BRIDGEPORT — A nonprofit that rescues young women from the city's underground sex trade is looking to expand its mission.
Leaders with The Dreamcatcher Foundation typically set out in a utility van overnight and search the city's streets for troubled young women and the pimps who hold them against their will.
Their goal is to end human trafficking in the city and suburbs, which the group said claims up to 25,000 women and girls annually, with the bulk of them involved in prostitution by the age of 15 years old.
Casey Cora discusses the Dreamcatcher Foundation and its outspoken leader:
At a fundraising luncheon at Bridgeport's Zhou B Art Center on late last week, the group's charismatic co-founder Brenda Myers-Powell delivered powerful testimony about her upbringing and addressed the need for the foundation to evolve into a full-fledged, brick-and-mortar social service agency.
Born to a 16-year-old mother who died shortly after childbirth and raised by an alcoholic grandmother, Myers-Powell said she was thrust into a cycle of abuse, first being molested as a toddler and later kidnapped, beaten, raped and burned by various pimps and johns.
"It would take me all night to tell you how many [times] and how it made me feel," she said.
She said it took nearly 25 years in the prostitution trade to realize she wasn't alone, that thousands of other young women were in the same predicament — scared and in desperate need of counseling and comfort.
A trailer for an upcoming documentary about Myers-Powell, shown at the fundraiser, reveals part of her methods to help the prostitutes.
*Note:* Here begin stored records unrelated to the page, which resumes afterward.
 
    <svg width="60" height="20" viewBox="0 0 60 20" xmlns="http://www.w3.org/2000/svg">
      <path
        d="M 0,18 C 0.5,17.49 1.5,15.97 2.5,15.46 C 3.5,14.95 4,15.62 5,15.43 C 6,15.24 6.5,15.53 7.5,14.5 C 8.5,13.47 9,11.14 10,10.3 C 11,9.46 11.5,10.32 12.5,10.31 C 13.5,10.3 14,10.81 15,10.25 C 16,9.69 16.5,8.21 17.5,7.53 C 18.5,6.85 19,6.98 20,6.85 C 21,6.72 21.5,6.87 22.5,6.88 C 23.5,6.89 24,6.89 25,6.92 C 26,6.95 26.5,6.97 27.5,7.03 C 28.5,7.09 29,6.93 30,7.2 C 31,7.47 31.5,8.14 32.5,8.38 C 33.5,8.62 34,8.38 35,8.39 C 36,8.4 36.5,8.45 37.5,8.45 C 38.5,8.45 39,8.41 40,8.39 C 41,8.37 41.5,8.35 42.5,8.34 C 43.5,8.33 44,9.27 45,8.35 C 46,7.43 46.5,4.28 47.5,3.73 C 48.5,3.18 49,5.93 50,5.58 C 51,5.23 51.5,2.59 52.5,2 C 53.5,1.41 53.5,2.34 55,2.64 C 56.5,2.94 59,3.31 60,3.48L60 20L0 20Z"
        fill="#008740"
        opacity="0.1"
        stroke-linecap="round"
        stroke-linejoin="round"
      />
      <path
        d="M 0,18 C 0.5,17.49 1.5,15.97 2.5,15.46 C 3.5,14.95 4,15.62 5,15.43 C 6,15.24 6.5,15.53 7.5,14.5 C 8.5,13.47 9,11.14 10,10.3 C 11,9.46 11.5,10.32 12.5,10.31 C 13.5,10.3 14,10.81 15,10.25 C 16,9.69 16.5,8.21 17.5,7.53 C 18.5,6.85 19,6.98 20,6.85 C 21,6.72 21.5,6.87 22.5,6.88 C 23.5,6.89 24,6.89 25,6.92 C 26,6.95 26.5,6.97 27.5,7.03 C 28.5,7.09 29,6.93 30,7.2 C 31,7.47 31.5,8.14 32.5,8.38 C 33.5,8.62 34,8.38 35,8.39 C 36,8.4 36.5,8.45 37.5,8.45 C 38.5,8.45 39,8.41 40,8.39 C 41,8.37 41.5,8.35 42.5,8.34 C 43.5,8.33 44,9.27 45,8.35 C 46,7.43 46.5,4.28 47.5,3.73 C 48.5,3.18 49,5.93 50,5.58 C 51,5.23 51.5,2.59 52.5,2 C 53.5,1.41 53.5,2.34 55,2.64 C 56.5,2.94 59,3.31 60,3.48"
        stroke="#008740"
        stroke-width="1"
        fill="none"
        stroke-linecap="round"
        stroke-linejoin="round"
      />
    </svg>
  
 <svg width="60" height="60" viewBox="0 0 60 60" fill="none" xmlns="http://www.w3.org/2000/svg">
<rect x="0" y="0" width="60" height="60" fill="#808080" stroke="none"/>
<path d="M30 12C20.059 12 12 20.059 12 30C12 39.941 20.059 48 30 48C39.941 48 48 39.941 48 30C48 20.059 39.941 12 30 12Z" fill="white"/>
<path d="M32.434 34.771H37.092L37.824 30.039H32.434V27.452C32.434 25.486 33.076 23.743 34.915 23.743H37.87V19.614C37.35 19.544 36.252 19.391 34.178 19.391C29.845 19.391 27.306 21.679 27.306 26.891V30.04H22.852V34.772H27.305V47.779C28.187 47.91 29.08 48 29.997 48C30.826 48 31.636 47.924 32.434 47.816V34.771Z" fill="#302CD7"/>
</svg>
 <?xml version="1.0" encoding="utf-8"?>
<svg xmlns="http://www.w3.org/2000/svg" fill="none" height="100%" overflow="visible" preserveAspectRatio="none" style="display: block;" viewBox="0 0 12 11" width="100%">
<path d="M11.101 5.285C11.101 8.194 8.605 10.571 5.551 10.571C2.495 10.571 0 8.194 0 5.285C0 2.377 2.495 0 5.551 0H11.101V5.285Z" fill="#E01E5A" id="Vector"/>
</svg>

She starts with a hug and tells the girls she loves them and explains that it's not their fault.
"It's time for the little woman to grow up. It's her turn now," she tells one of the young women.
Myers-Powell paired up with foundation CEO Stephanie Daniels-Wilson to start the nonprofit in 2008 on little more than a shoestring budget and a vision to empower the victims of human trafficking.
Today, it's grown into a resource agency that's largely comprised of survivors of addiction, sex trafficking, molestation and other abuses, which the founders and law enforcement officials say sets Dreamcatchers apart from other social services. It's still basically run out of Daniels-Wilson's Hyde Park home.
Detective Dion Trotter, who heads up the Cook County Sheriff's Office Child Protection Response Unit, said employing survivors to assist in the rescue and recovery of prostitutes is a powerful tool in helping solve their underlying issues, which often stem from a toxic mess of abuse, poverty, drugs and untreated mental illnesses.
"These people are able to connect with these women in ways we never could. I've seen people with no hope in their eyes. Ten minutes with Brenda and they have a sparkle," Trotter said.
Already, Dreamcatchers helps arrange for mental and physical health services and provides intervention and education programs. They soon hope to build The Dream Center, a facility to house short and long-term shelters for women and a therapy center and to host a 24-hour crisis line.
To date, the group says it's taken 73 girls off the street and has established relationships with thousands more.
A couple of the women spoke at Thursday's fundraiser and told gut-wrenching tales of victimization and abuse.
Several in the audience wiped away tears.
"That's what knocks you down. How can a story even get more horrible than mine?" Myers-Powell said. "But it does. This issue is harsh. It is harsh."